The findings of these two large studies (1,218 and 2,202 patients, respectively) are in keeping with previous clinical evidence. In a randomized controlled trial by Mehta and colleagues, benefits for CRRT regarding renal recovery were seen [15]. Chronic renal insufficiency at death or at hospital discharge was diagnosed in 17% of patients with initial therapy of IRRT versus only 4% of patients whose initial therapy was CRRT (P = 0.01). For patients receiving an adequate trial of monotherapy, the recovery of renal function was 92% for CRRT versus 59% for IRRT (P < 0.01).
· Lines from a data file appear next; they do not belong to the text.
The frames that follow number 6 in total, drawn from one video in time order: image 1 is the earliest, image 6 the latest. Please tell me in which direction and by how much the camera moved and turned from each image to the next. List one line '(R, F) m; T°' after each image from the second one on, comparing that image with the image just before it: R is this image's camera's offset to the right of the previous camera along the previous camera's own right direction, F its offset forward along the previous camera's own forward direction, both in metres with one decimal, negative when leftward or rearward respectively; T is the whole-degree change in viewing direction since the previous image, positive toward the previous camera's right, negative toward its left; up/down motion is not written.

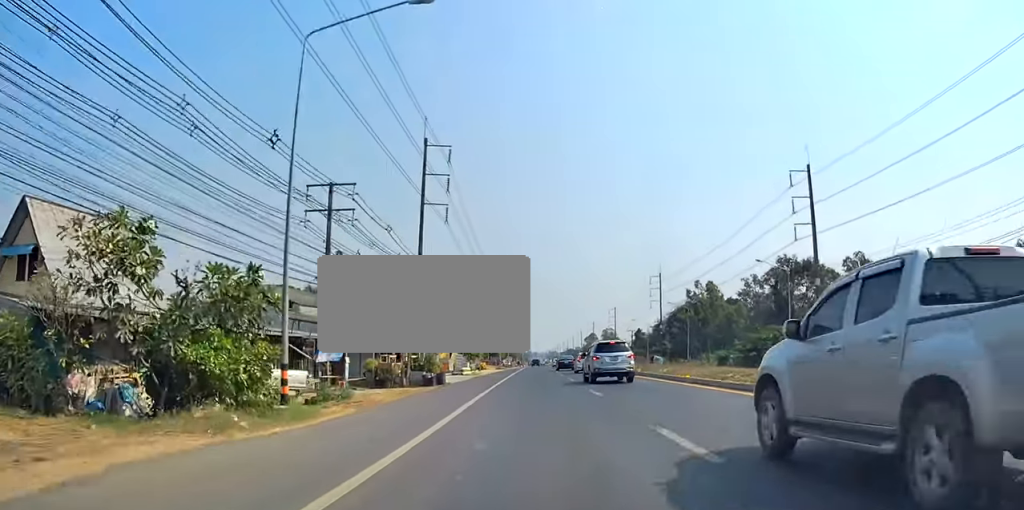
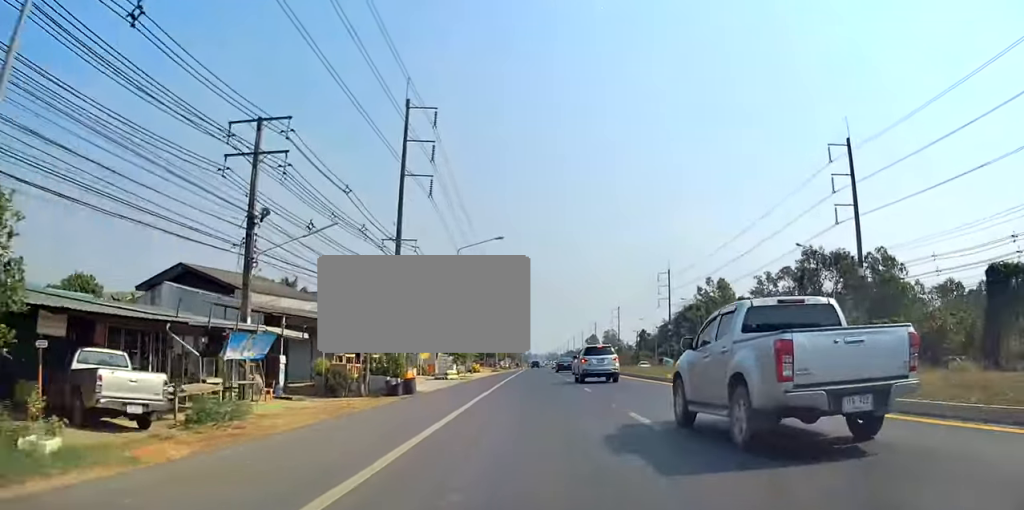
(-0.1, +8.4) m; 0°
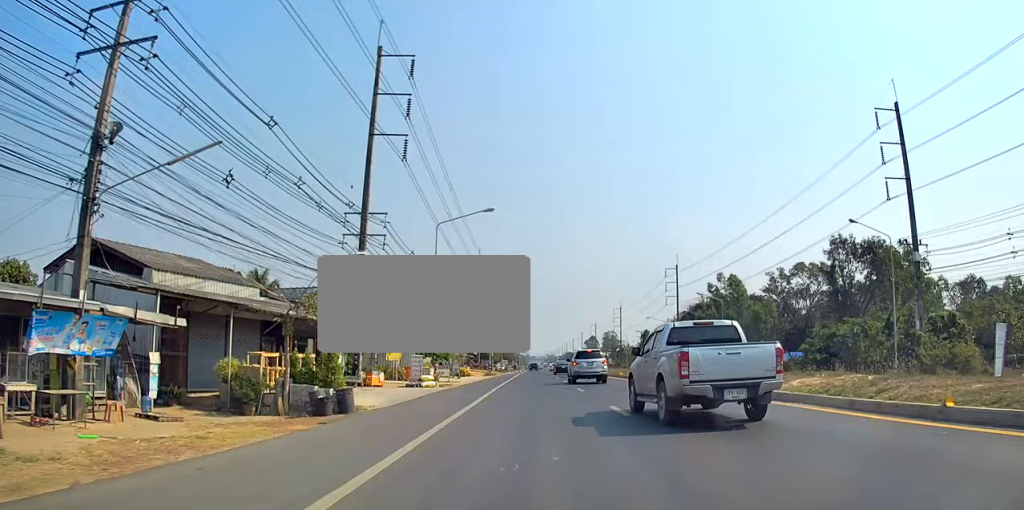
(+0.1, +9.2) m; +1°
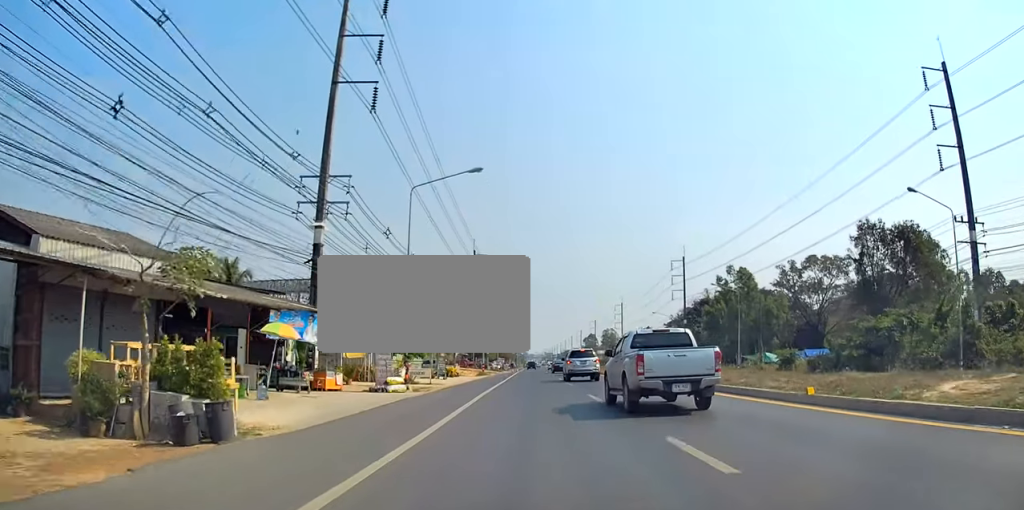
(+0.1, +7.1) m; 0°
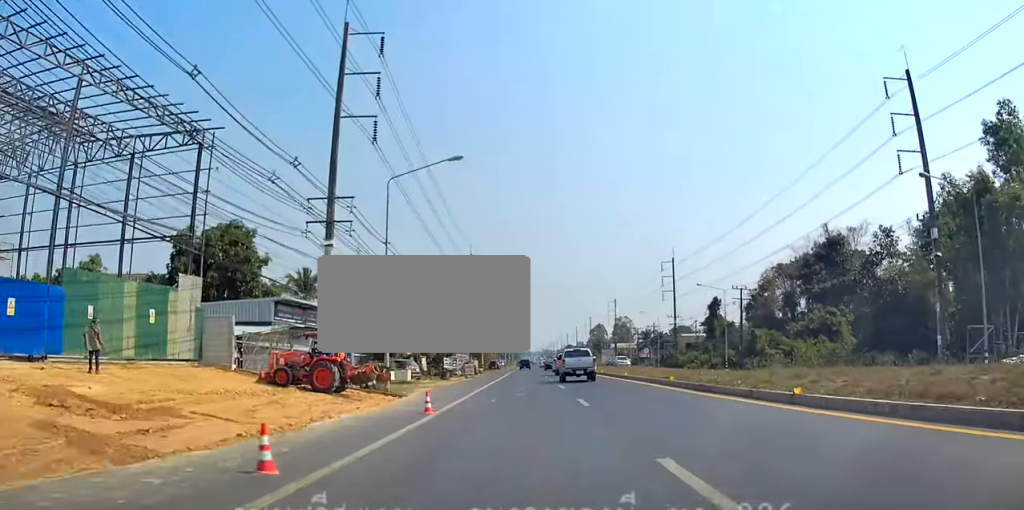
(-1.6, +73.7) m; 0°
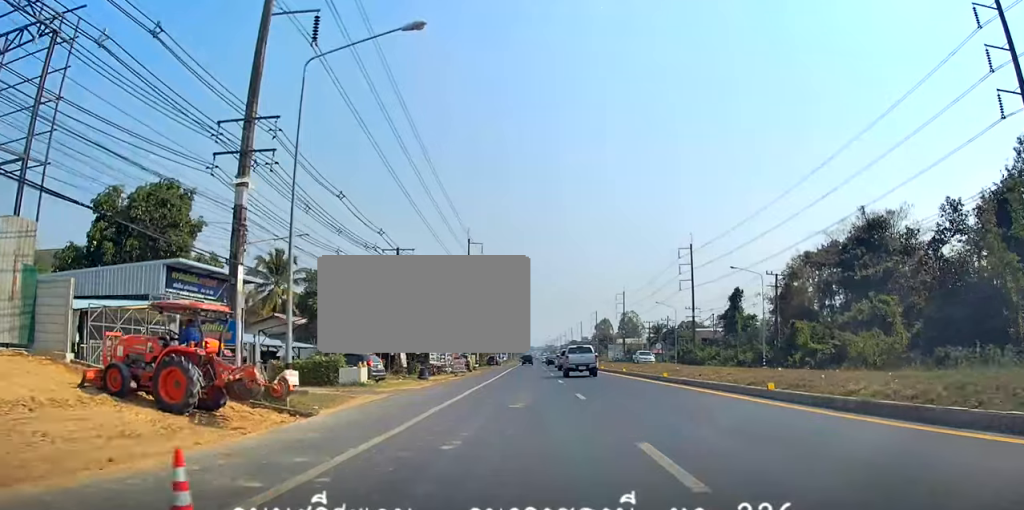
(+0.2, +11.3) m; 0°

Finally, a higher percentage of subjects crossing over from IRRT to CRRT recovered their renal function compared with the patients crossing over in the opposite direction (45% versus 7%, respectively; P < 0.01) [15]. As higher costs associated with CRRT have been used in the debate regarding the choice of modality, the downstream costs of end-stage renal disease requiring chronic hemodialysis may have to be considered in future discussions. Naturally, we do look forward to long-term studies of renal outcome on patients treated with sustained low efficiency (daily) dialysis.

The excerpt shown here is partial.